Give back all of the data, word for word.

» Supplied material:
========================================================================
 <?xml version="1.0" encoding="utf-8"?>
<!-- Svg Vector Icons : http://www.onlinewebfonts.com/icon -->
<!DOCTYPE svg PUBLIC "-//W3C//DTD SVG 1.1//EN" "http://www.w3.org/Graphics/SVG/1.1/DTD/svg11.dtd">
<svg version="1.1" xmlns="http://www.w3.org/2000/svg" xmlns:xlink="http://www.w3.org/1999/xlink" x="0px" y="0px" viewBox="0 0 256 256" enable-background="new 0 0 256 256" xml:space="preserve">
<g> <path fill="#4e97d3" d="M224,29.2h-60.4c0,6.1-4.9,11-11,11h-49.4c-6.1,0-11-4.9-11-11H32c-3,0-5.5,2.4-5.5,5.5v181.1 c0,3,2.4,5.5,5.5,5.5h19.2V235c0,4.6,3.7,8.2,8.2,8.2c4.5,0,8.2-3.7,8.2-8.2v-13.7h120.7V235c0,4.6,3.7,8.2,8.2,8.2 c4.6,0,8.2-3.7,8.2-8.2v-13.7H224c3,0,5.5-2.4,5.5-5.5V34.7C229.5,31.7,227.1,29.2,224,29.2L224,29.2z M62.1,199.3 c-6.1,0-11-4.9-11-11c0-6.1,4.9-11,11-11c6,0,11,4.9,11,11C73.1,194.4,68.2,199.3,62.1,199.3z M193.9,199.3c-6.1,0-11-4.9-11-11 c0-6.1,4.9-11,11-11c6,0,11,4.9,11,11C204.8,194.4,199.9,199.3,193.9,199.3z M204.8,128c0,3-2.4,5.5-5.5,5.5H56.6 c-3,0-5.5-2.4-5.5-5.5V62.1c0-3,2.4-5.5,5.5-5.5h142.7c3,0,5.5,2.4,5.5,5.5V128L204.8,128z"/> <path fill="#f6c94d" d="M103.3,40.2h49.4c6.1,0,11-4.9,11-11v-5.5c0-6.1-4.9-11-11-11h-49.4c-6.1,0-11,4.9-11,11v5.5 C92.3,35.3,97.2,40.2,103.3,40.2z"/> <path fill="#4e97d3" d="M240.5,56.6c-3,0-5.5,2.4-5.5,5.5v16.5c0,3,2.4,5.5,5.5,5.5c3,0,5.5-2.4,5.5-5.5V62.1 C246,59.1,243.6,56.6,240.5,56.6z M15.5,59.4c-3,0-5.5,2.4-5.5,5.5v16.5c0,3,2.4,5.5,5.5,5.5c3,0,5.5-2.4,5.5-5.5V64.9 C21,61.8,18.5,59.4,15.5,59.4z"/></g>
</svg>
========================================================================
» The completed task:
 <?xml version="1.0" encoding="utf-8"?>
<!-- Svg Vector Icons : http://www.onlinewebfonts.com/icon -->
<!DOCTYPE svg PUBLIC "-//W3C//DTD SVG 1.1//EN" "http://www.w3.org/Graphics/SVG/1.1/DTD/svg11.dtd">
<svg version="1.1" xmlns="http://www.w3.org/2000/svg" xmlns:xlink="http://www.w3.org/1999/xlink" x="0px" y="0px" viewBox="0 0 256 256" enable-background="new 0 0 256 256" xml:space="preserve">
<g> <path fill="#4e97d3" d="M224,29.2h-60.4c0,6.1-4.9,11-11,11h-49.4c-6.1,0-11-4.9-11-11H32c-3,0-5.5,2.4-5.5,5.5v181.1 c0,3,2.4,5.5,5.5,5.5h19.2V235c0,4.6,3.7,8.2,8.2,8.2c4.5,0,8.2-3.7,8.2-8.2v-13.7h120.7V235c0,4.6,3.7,8.2,8.2,8.2 c4.6,0,8.2-3.7,8.2-8.2v-13.7H224c3,0,5.5-2.4,5.5-5.5V34.7C229.5,31.7,227.1,29.2,224,29.2L224,29.2z M62.1,199.3 c-6.1,0-11-4.9-11-11c0-6.1,4.9-11,11-11c6,0,11,4.9,11,11C73.1,194.4,68.2,199.3,62.1,199.3z M193.9,199.3c-6.1,0-11-4.9-11-11 c0-6.1,4.9-11,11-11c6,0,11,4.9,11,11C204.8,194.4,199.9,199.3,193.9,199.3z M204.8,128c0,3-2.4,5.5-5.5,5.5H56.6 c-3,0-5.5-2.4-5.5-5.5V62.1c0-3,2.4-5.5,5.5-5.5h142.7c3,0,5.5,2.4,5.5,5.5V128L204.8,128z"/> <path fill="#f6c94d" d="M103.3,40.2h49.4c6.1,0,11-4.9,11-11v-5.5c0-6.1-4.9-11-11-11h-49.4c-6.1,0-11,4.9-11,11v5.5 C92.3,35.3,97.2,40.2,103.3,40.2z"/> <path fill="#4e97d3" d="M240.5,56.6c-3,0-5.5,2.4-5.5,5.5v16.5c0,3,2.4,5.5,5.5,5.5c3,0,5.5-2.4,5.5-5.5V62.1 C246,59.1,243.6,56.6,240.5,56.6z M15.5,59.4c-3,0-5.5,2.4-5.5,5.5v16.5c0,3,2.4,5.5,5.5,5.5c3,0,5.5-2.4,5.5-5.5V64.9 C21,61.8,18.5,59.4,15.5,59.4z"/></g>
</svg>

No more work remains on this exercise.